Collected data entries
>>

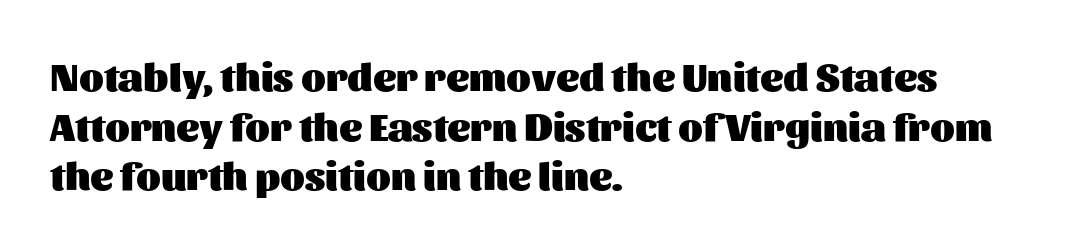
Q: Is the text bold? A: Yes.
Q: Is the text italic (slanted)? A: No, it is upright.
Q: Is the typeface a serif or a sans-serif typeface? A: Sans-serif.
Q: Is the text underlined? A: No.
Q: How is the paragraph aligned? A: Left-aligned.
Q: Is the spacing between letters normal or unusually wide? A: Normal.
Q: Width (condensed, normal, or wide)? A: Normal.
Q: Stroke contrast? A: Medium.
Q: x-height? A: Medium.
Q: Monospaced? A: No.

<<

> _Problem to solve_: Match on "Normal" and copy out every line of the entries that contains it.

> _Exercise output_:
Q: Is the spacing between letters normal or unusually wide? A: Normal.
Q: Width (condensed, normal, or wide)? A: Normal.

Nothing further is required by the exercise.